### Task brief:
The answer is all of the data repeated exactly, with each picture omitted.

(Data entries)
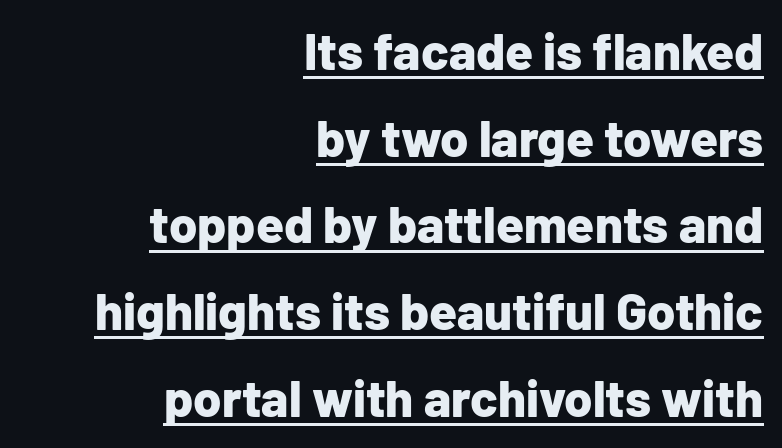
The image shows 51 px bold sans-serif type, upright; set right-aligned, normal line spacing (1.7x), normal letter spacing, underlined; low stroke contrast and a medium x-height.
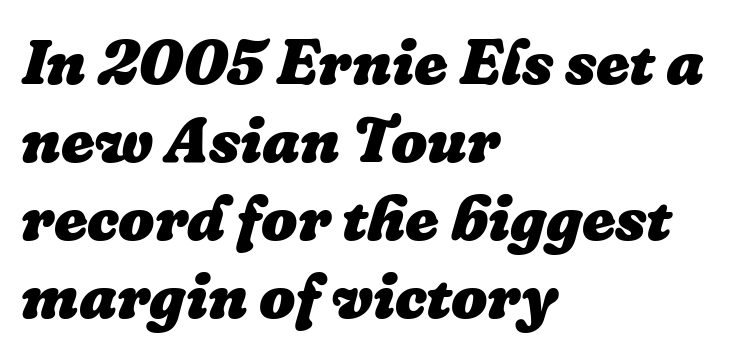
Q: Is the text bold? A: Yes.
Q: Is the text italic (slanted)? A: Yes, it leans right by about 16 degrees.
Q: Is the text underlined? A: No.
Q: How is the paragraph aligned? A: Left-aligned.
Q: Is the spacing between letters normal or unusually wide? A: Normal.
Q: Width (condensed, normal, or wide)? A: Normal.
Q: Stroke contrast? A: Low.
Q: x-height? A: Medium.
Q: Monospaced? A: No.
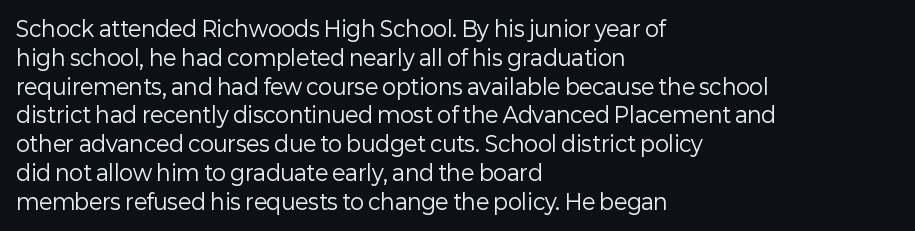
Q: Is the text bold? A: No.
Q: Is the text italic (slanted)? A: No, it is upright.
Q: Is the text underlined? A: No.
Q: How is the paragraph aligned? A: Left-aligned.
Q: Is the spacing between letters normal or unusually wide? A: Normal.
Q: Is the spacing between lines tight, normal or loose? A: Normal.
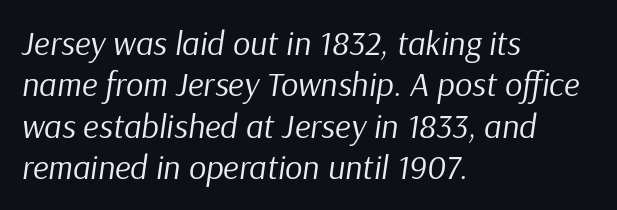
The image shows 34 px regular-weight type, italic (leaning right); set left-aligned, line spacing 1.22x, normal letter spacing, not underlined; low stroke contrast and a medium x-height.

### Exercise output:
The image shows 51 px bold sans-serif type, upright; set right-aligned, normal line spacing (1.7x), normal letter spacing, underlined; low stroke contrast and a medium x-height.
Q: Is the text bold? A: Yes.
Q: Is the text italic (slanted)? A: Yes, it leans right by about 16 degrees.
Q: Is the text underlined? A: No.
Q: How is the paragraph aligned? A: Left-aligned.
Q: Is the spacing between letters normal or unusually wide? A: Normal.
Q: Width (condensed, normal, or wide)? A: Normal.
Q: Stroke contrast? A: Low.
Q: x-height? A: Medium.
Q: Monospaced? A: No.
Q: Is the text bold? A: No.
Q: Is the text italic (slanted)? A: No, it is upright.
Q: Is the text underlined? A: No.
Q: How is the paragraph aligned? A: Left-aligned.
Q: Is the spacing between letters normal or unusually wide? A: Normal.
Q: Is the spacing between lines tight, normal or loose? A: Normal.
The image shows 34 px regular-weight type, italic (leaning right); set left-aligned, line spacing 1.22x, normal letter spacing, not underlined; low stroke contrast and a medium x-height.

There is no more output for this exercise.